━━━━━ DATASET

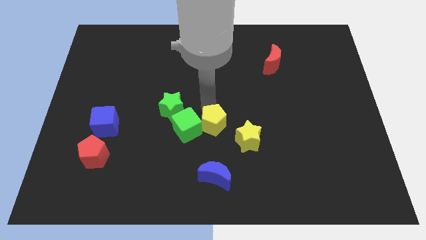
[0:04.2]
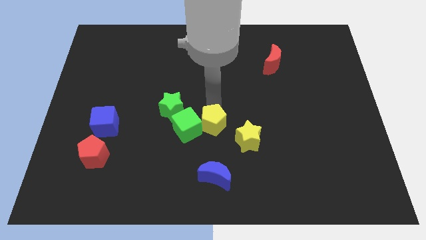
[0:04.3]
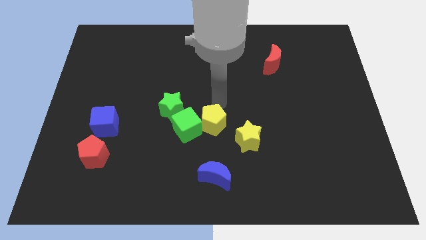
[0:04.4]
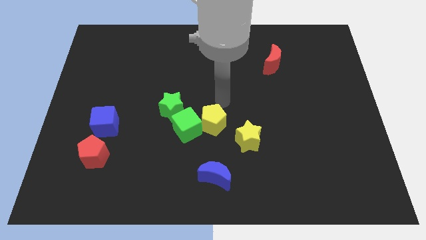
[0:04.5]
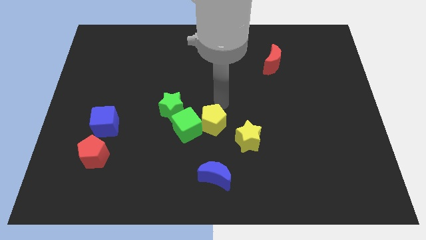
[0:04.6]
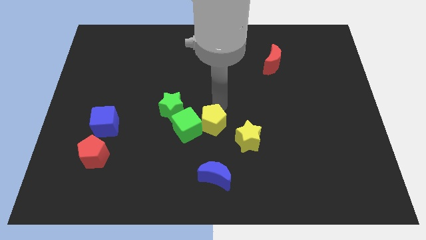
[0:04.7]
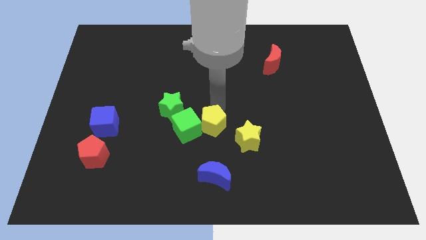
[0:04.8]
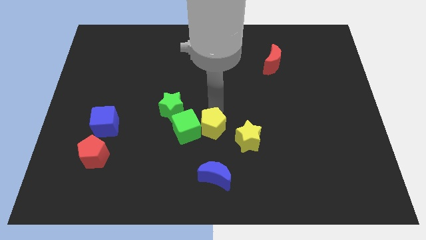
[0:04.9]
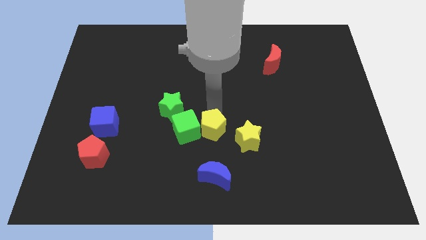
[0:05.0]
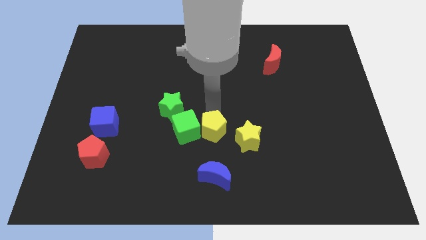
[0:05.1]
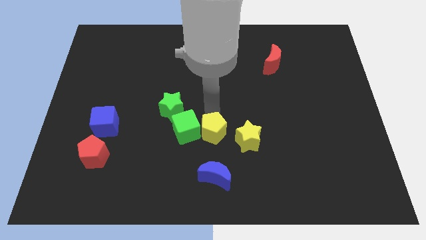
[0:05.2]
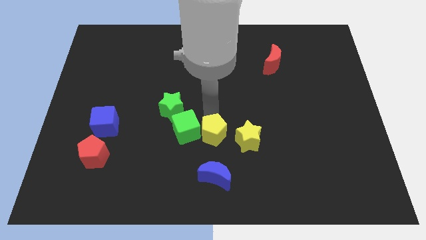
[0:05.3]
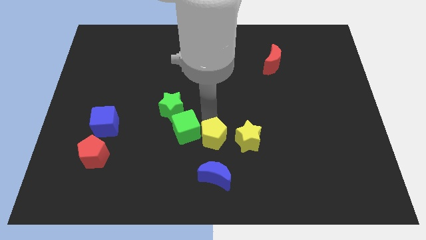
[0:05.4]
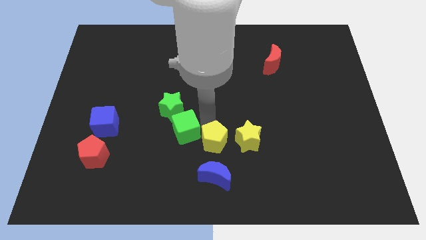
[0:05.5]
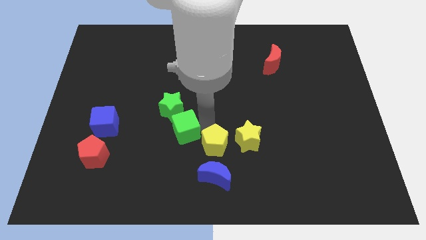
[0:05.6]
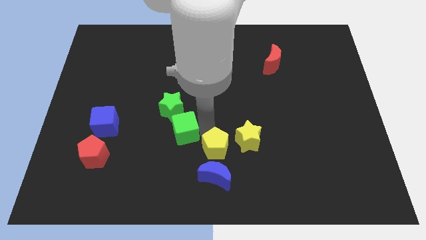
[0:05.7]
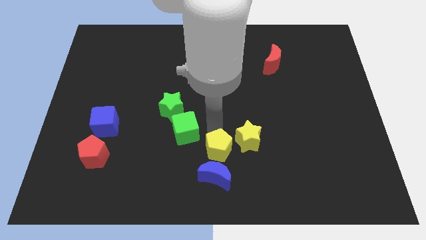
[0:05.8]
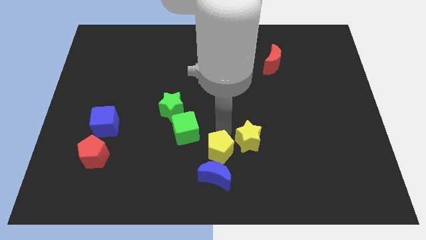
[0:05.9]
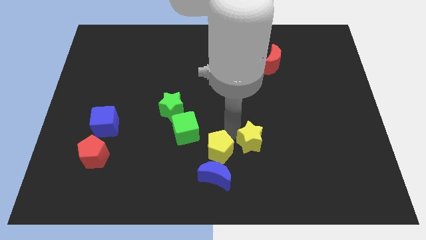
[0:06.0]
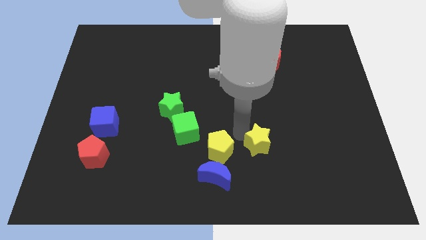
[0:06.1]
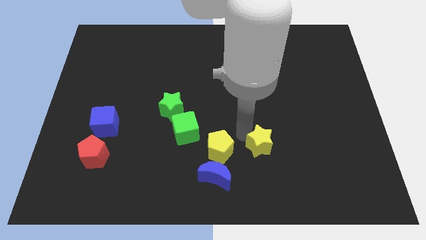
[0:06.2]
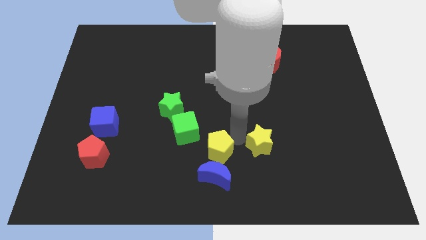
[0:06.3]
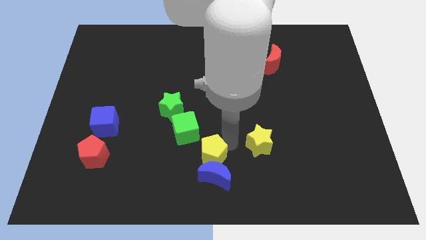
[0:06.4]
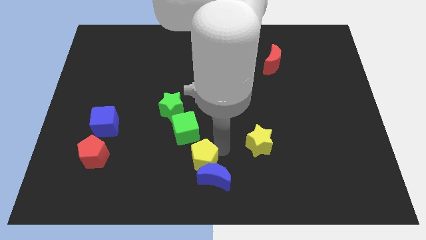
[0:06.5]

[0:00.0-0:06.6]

━━━━━━━━━━

REQUIREMENT >> Give the listing again exactly, excluding pictures.

OUTPUT FOR THIS TASK >>
[0:04.2]
[0:04.3]
[0:04.4]
[0:04.5]
[0:04.6]
[0:04.7]
[0:04.8]
[0:04.9]
[0:05.0]
[0:05.1]
[0:05.2]
[0:05.3]
[0:05.4]
[0:05.5]
[0:05.6]
[0:05.7]
[0:05.8]
[0:05.9]
[0:06.0]
[0:06.1]
[0:06.2]
[0:06.3]
[0:06.4]
[0:06.5]

[0:00.0-0:06.6]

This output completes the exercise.